The opposite of life seeks to decrease activity, participation, feeling, and growth. This opposite of life seeks the inactivity of being the observer rather than the participant. It wants to be comfortably entertained. It wants convenience. It doesn't want to have to think. It wants to numb its feelings with unhealthy foods and drugs. It wants to avoid the discomfort of growth. It creates bad health.
The desire for convenience has destroyed our food supply. This began with the intelligent desire to put aside food for times of famine. That meant we had to find ways to preserve food and choose foods that can be stored for long periods of time. As humans, we were designed to eat fresh foods.
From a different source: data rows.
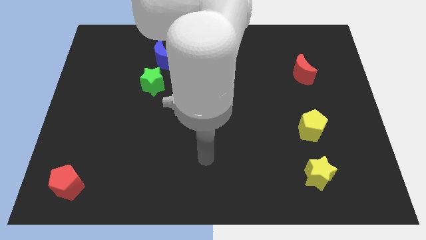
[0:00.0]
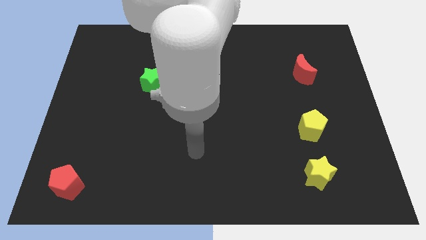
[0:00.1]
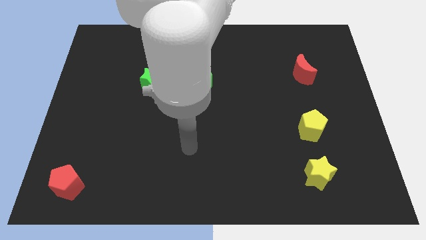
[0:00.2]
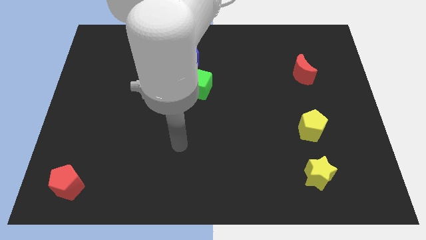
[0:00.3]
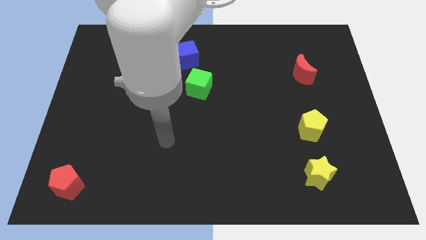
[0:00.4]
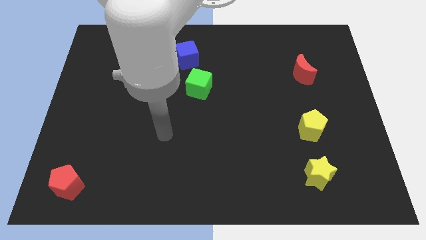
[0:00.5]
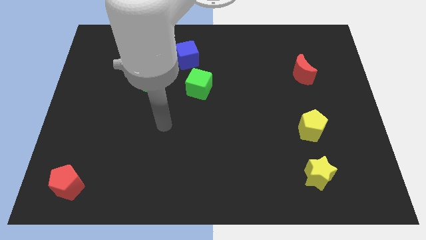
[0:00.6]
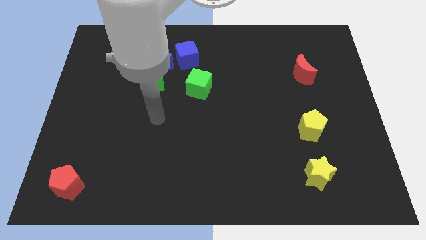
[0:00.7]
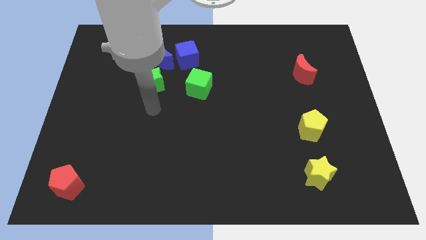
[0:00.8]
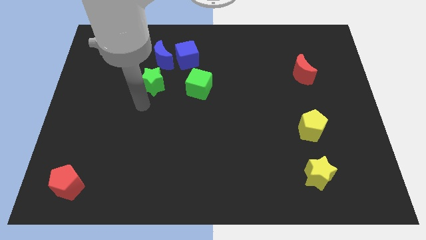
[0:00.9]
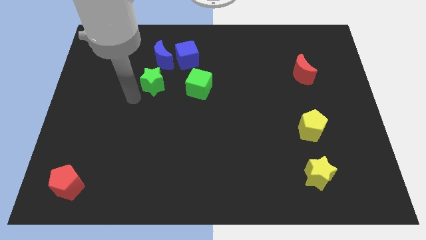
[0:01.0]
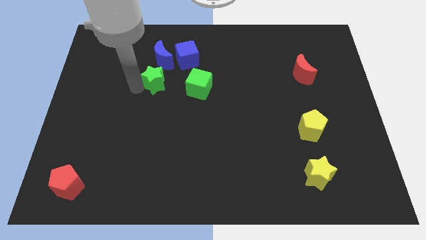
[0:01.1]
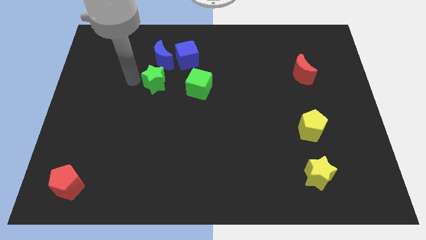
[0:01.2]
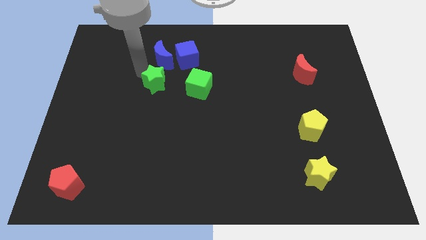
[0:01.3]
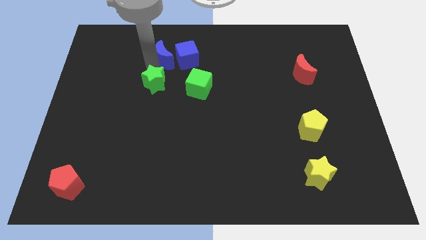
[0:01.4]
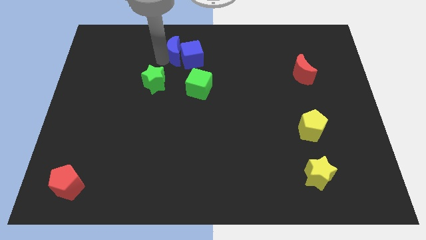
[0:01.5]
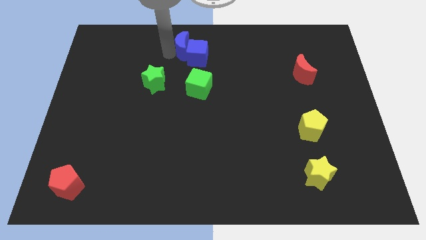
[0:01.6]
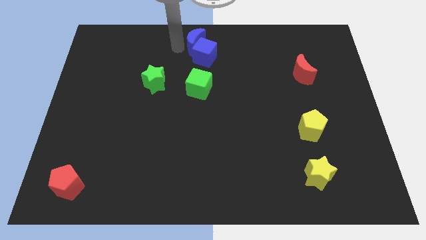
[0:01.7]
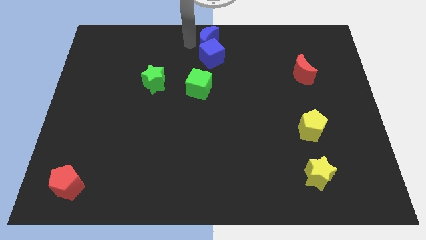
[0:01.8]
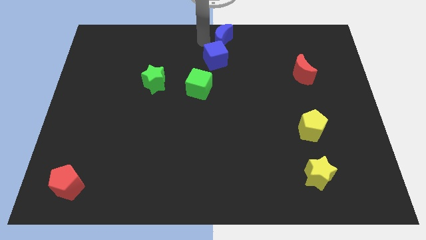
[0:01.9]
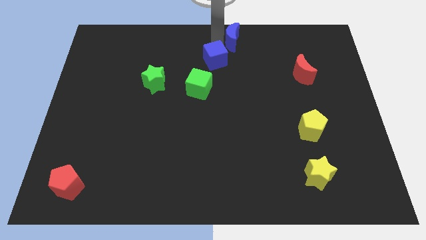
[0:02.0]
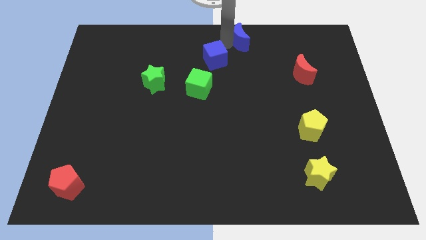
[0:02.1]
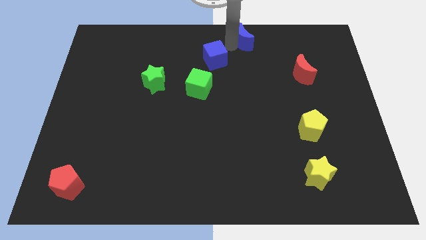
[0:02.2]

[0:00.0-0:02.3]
move the blue cube away from the blue moon

Although the calories in food can be stored for a long time, thousands of other fresh food nutrients are destroyed with storage.
As you develop a culture that depends on storable food (like grains) you loose the skills of gathering and using fresh foods. The culture creatively adapts to using fewer and fewer foods. We are the pinnacle of that adaptation. The average American supermarket shelves are filled with thousands of combinations of primarily wheat, corn, soy, and milk. A native hunter-gatherer will have an average of 150 different food sources in his diet. The average American's diet today consists of only 10 to 15 food sources.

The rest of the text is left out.